Species of gastropod

Cruziturricula arcuata is a species of sea snail, a marine gastropod mollusk in the family Drilliidae. It is the only known species within the genus Cruziturricula.

==Description==
The designation Pleurotoma arcuata Reeve, 1843 was poorly defined. It was accepted by Olsson as Cruziturricula panthea

(Original description as Turricula (Surcula) panthea ) The solid shell is acute and has a fusiform shape It is, white or cream, with pale brown blotches between the ribs (the protoconch lost). The high spire contains about 14 whorls. The suture is closely appressed, obscure with a rounded thread in front of it. The anal fasciole is close to the suture slightly depressed, spirally threaded, arcuately striated. The spiral sculpture on the early whorls consists of a peripheral keel with one strong thread behind it. The rest of the surface is finely closely spirally threaded.
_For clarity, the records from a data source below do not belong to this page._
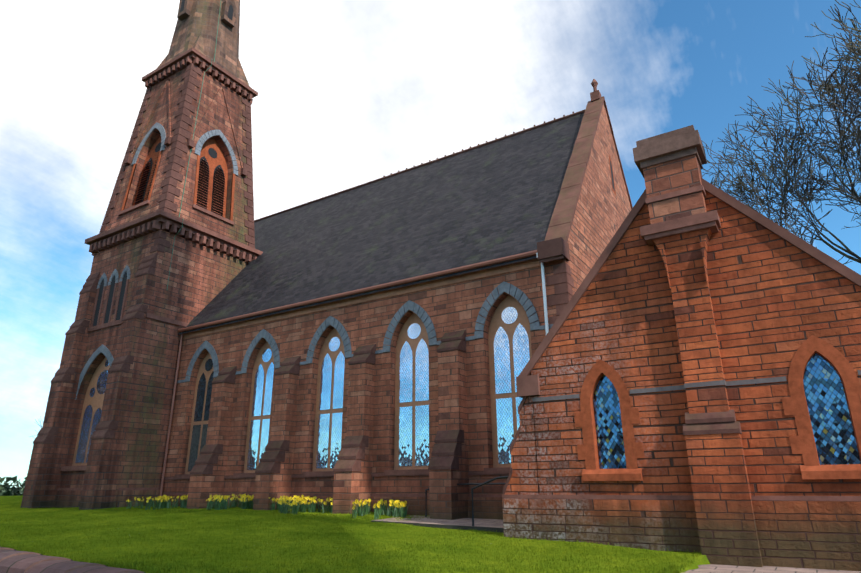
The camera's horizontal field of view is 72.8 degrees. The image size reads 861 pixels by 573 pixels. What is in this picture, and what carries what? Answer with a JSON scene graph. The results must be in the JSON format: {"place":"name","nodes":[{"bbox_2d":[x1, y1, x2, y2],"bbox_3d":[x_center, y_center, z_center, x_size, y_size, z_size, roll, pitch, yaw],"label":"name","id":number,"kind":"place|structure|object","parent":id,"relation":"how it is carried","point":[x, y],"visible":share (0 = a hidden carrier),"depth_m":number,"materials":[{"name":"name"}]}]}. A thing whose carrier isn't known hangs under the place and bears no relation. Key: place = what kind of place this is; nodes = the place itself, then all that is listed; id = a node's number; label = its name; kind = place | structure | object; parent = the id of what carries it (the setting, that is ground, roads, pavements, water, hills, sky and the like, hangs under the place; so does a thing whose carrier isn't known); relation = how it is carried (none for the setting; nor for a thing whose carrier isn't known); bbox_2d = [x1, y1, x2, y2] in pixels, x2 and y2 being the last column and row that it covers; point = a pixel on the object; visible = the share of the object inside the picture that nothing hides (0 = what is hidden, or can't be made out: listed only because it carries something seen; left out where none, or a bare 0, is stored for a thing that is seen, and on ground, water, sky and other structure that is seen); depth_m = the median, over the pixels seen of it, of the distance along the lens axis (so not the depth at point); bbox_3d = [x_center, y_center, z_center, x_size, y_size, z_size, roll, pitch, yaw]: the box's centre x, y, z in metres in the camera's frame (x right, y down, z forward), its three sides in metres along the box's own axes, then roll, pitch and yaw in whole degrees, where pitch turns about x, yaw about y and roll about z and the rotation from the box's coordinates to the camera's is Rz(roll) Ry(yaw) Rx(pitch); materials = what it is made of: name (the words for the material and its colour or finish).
{"place":"outdoors","nodes":[
{"label":"outdoors","id":0,"kind":"place"},
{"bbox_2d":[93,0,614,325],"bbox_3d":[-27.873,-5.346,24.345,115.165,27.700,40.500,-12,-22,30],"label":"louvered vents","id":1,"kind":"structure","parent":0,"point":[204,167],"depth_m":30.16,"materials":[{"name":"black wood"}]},
{"bbox_2d":[0,495,709,572],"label":"lawn","id":2,"kind":"structure","parent":0,"point":[16,500],"depth_m":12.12,"materials":[{"name":"green plant"}]},
{"bbox_2d":[20,67,251,509],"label":"tower walls","id":3,"kind":"structure","parent":2,"relation":"on","point":[137,400],"depth_m":26.54,"materials":[{"name":"stone"}]},
{"bbox_2d":[57,47,860,500],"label":"trim","id":4,"kind":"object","parent":3,"relation":"attached to","point":[203,235],"depth_m":13.05,"materials":[{"name":"brown stone"}]},
{"bbox_2d":[133,156,225,213],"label":"louvres","id":5,"kind":"object","parent":4,"relation":"attached to","point":[197,190],"visible":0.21,"depth_m":30.14,"materials":[{"name":"brown wood"}]},
{"bbox_2d":[167,2,220,287],"bbox_3d":[-12.040,-9.736,30.842,0.343,21.601,2.439,3,-19,-11],"label":"lightning conductor","id":6,"kind":"object","parent":4,"relation":"attached to","point":[192,139],"visible":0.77,"depth_m":29.77,"materials":[{"name":"orange metal"}]},
{"bbox_2d":[156,0,249,86],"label":"spire","id":7,"kind":"structure","parent":4,"relation":"on","point":[197,26],"depth_m":33.53,"materials":[{"name":"stone"}]},
{"bbox_2d":[33,63,741,494],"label":"dark dressings","id":8,"kind":"structure","parent":4,"relation":"on","point":[447,447],"depth_m":25.34,"materials":[{"name":"stone"}]},
{"bbox_2d":[643,154,706,223],"bbox_3d":[5.548,-2.022,13.168,1.120,1.450,0.740,-12,-22,30],"label":"chimney shaft","id":9,"kind":"object","parent":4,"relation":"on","point":[674,175],"visible":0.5,"depth_m":12.87,"materials":[{"name":"brown brick"}]},
{"bbox_2d":[633,125,706,177],"bbox_3d":[5.536,-3.043,13.505,1.400,0.700,1.000,-12,-22,30],"label":"chimney cap","id":10,"kind":"object","parent":9,"relation":"on","point":[669,146],"visible":0.79,"depth_m":13.12,"materials":[{"name":"brown stone"}]},
{"bbox_2d":[594,353,860,468],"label":"stained glass windows","id":11,"kind":"structure","parent":4,"relation":"attached to","point":[832,426],"depth_m":10.92,"materials":[{"name":"blue glass"}]},
{"bbox_2d":[126,494,408,519],"bbox_3d":[-6.140,7.520,20.138,13.029,0.683,1.933,-12,-22,30],"label":"daffodil","id":12,"kind":"object","parent":2,"relation":"on","point":[302,506],"depth_m":19.23,"materials":[{"name":"yellow plant"}]},
{"bbox_2d":[162,259,567,519],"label":"nave walls","id":13,"kind":"structure","parent":2,"relation":"on","point":[459,390],"depth_m":19.91,"materials":[{"name":"brown brick"}]},
{"bbox_2d":[159,332,182,497],"bbox_3d":[-11.274,5.854,25.295,0.092,8.000,0.092,12,-23,-33],"label":"red downpipe","id":14,"kind":"object","parent":13,"relation":"attached to","point":[170,421],"visible":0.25,"depth_m":25.32,"materials":[{"name":"brown metal"}]},
{"bbox_2d":[72,295,531,473],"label":"window frames","id":15,"kind":"structure","parent":13,"relation":"attached to","point":[95,401],"depth_m":20.33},
{"bbox_2d":[188,359,213,471],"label":"dark glass windows","id":16,"kind":"structure","parent":15,"relation":"in","point":[193,455],"depth_m":24.94,"materials":[{"name":"glass"}]},
{"bbox_2d":[75,307,529,469],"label":"nave windows","id":17,"kind":"structure","parent":15,"relation":"in","point":[504,410],"depth_m":19.75,"materials":[{"name":"blue glass"}]},
{"bbox_2d":[75,122,552,399],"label":"grey voussoirs","id":18,"kind":"object","parent":13,"relation":"attached to","point":[417,309],"visible":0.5,"depth_m":22.04,"materials":[{"name":"stone"}]},
{"bbox_2d":[183,258,548,338],"bbox_3d":[-3.874,0.724,22.279,17.720,0.340,0.140,-12,-22,30],"label":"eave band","id":19,"kind":"object","parent":13,"relation":"attached to","point":[511,267],"visible":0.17,"depth_m":20.97,"materials":[{"name":"stone"}]},
{"bbox_2d":[178,250,536,331],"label":"gutters","id":20,"kind":"object","parent":19,"relation":"attached to","point":[448,271],"visible":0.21,"depth_m":20.93,"materials":[{"name":"brown metal"}]},
{"bbox_2d":[178,113,583,334],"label":"roof","id":21,"kind":"structure","parent":13,"relation":"on","point":[494,200],"depth_m":25.31,"materials":[{"name":"grey tile"}]},
{"bbox_2d":[536,253,548,334],"bbox_3d":[3.400,1.472,16.980,0.240,5.300,0.200,-12,-22,30],"label":"white downpipe","id":22,"kind":"object","parent":13,"relation":"attached to","point":[544,299],"visible":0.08,"depth_m":17.35,"materials":[{"name":"white metal"}]},
{"bbox_2d":[565,102,631,294],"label":"gable wall","id":23,"kind":"structure","parent":13,"relation":"on","point":[602,211],"depth_m":22.46,"materials":[{"name":"brown brick"}]},
{"bbox_2d":[502,191,860,570],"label":"hall walls","id":24,"kind":"structure","parent":2,"relation":"on","point":[739,296],"depth_m":11.82,"materials":[{"name":"brown brick"}]},
{"bbox_2d":[516,96,860,397],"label":"gable copings","id":25,"kind":"object","parent":24,"relation":"on","point":[553,245],"visible":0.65,"depth_m":13.87,"materials":[{"name":"stone"}]},
{"bbox_2d":[532,370,860,401],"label":"string course","id":26,"kind":"object","parent":24,"relation":"attached to","point":[712,383],"visible":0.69,"depth_m":11.75,"materials":[{"name":"grey stone"}]},
{"bbox_2d":[0,0,860,486],"label":"sky","id":27,"kind":"structure","parent":0,"point":[352,93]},
{"bbox_2d":[371,515,503,532],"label":"ramp path","id":28,"kind":"structure","parent":0,"point":[492,525],"depth_m":15.23,"materials":[{"name":"grey concrete"}]},
{"bbox_2d":[425,476,507,525],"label":"handrails","id":29,"kind":"object","parent":28,"relation":"on","point":[486,482],"visible":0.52,"depth_m":14.62,"materials":[{"name":"grey metal"}]},
{"bbox_2d":[683,564,860,572],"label":"paved path","id":30,"kind":"structure","parent":0,"point":[711,568],"depth_m":9.91,"materials":[{"name":"grey stone"}]},
{"label":"distant ground","id":31,"kind":"structure","parent":0,"visible":0},
{"bbox_2d":[0,476,26,495],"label":"distant hedge","id":32,"kind":"object","parent":31,"relation":"on","point":[13,489],"visible":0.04,"depth_m":52.94,"materials":[{"name":"green plant"}]},
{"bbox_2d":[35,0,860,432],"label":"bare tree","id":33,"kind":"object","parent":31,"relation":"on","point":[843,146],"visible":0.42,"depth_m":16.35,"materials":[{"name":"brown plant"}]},
{"label":"ground","id":34,"kind":"structure","parent":0,"visible":0},
{"bbox_3d":[-27.263,9.198,21.856,66.000,0.646,0.660,-12,-22,30],"label":"low wall face","id":35,"kind":"object","parent":34,"relation":"on","visible":0},
{"bbox_2d":[0,547,144,572],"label":"pavement","id":36,"kind":"structure","parent":35,"relation":"on","point":[13,561],"depth_m":9.08,"materials":[{"name":"grey stone"}]}
]}

The last three or four whorls are peripherally waved with narrower interspaces over which the keel and thread are a little swollen, the fine threading continuing. The space in front of the keel on the body whorl with about 25 strong cords shows wider interspaces. The aperture is narrow. The anal sulcus is distinct, without a subsutural callus. The outer lip is produced, thin and smooth inside. The inner lip shows a thin wash of enamel. The columella is straight. The siphonal canal is long, narrow, with no siphonal fasciole or recurvation.

==Distribution==
This species occurs in the Bay of Panama. As a fossil it was found in the Miocene strata of Peru.